### TASK OBJECTIVE
Reproduce all the entries exactly and keep the pictures out.

### RECORDS FOR THE TASK
•••••

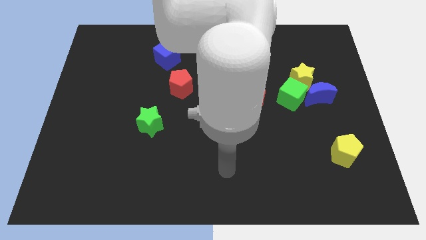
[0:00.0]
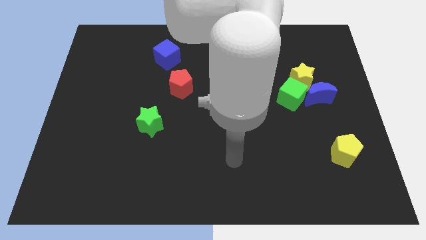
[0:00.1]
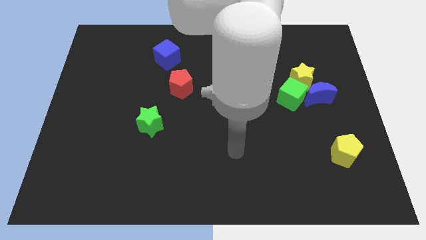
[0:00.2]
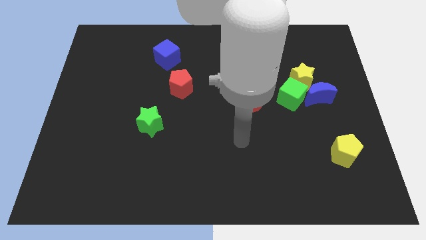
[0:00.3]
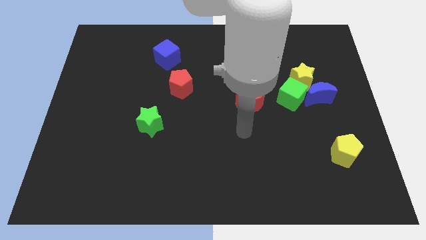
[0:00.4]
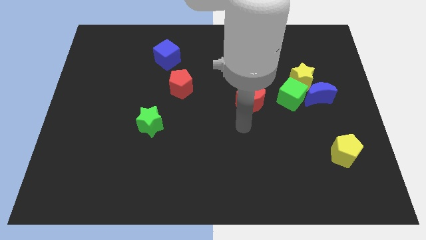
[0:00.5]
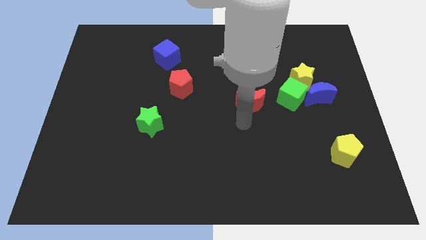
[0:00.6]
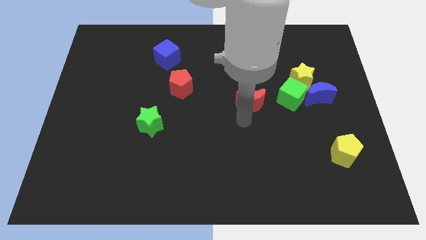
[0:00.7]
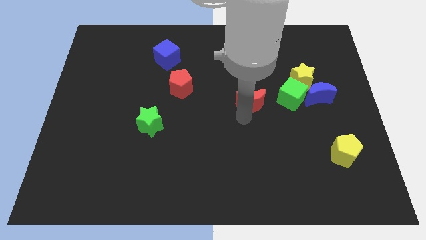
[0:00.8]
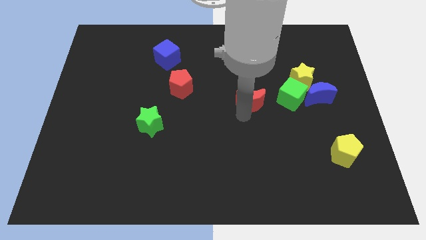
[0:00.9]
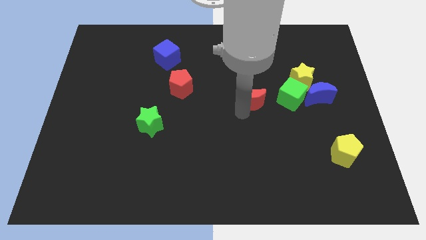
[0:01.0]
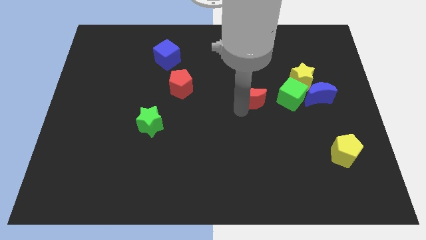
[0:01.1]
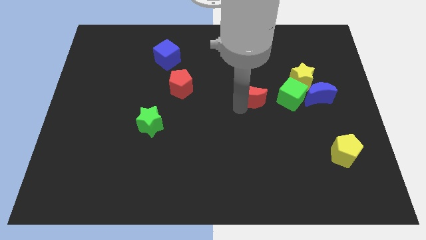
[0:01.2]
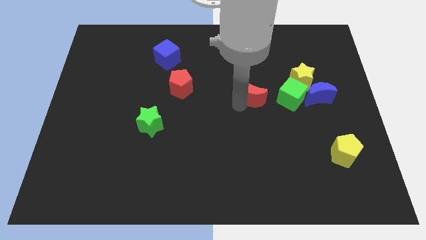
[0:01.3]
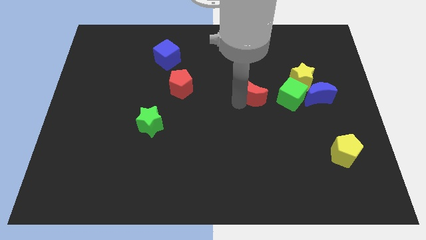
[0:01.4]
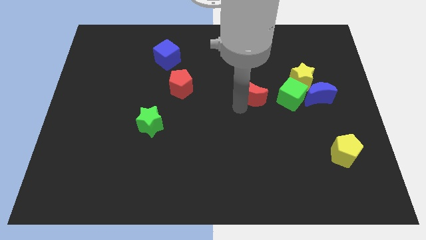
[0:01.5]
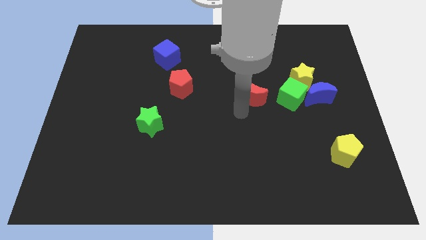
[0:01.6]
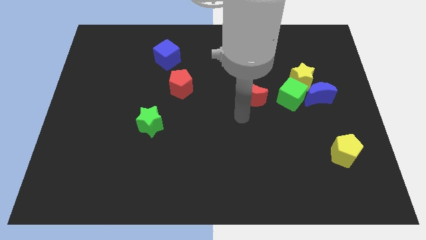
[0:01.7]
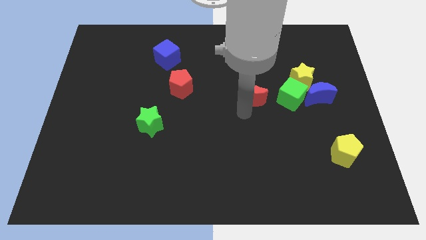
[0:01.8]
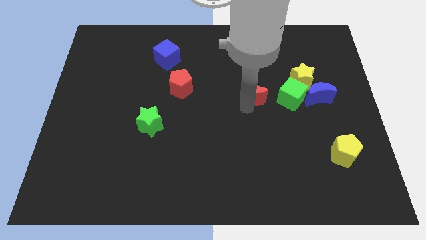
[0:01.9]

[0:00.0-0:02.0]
move the red moon just left of the yellow star

•••••

### RESPONSE TO THIS TASK
[0:00.0]
[0:00.1]
[0:00.2]
[0:00.3]
[0:00.4]
[0:00.5]
[0:00.6]
[0:00.7]
[0:00.8]
[0:00.9]
[0:01.0]
[0:01.1]
[0:01.2]
[0:01.3]
[0:01.4]
[0:01.5]
[0:01.6]
[0:01.7]
[0:01.8]
[0:01.9]

[0:00.0-0:02.0]
move the red moon just left of the yellow star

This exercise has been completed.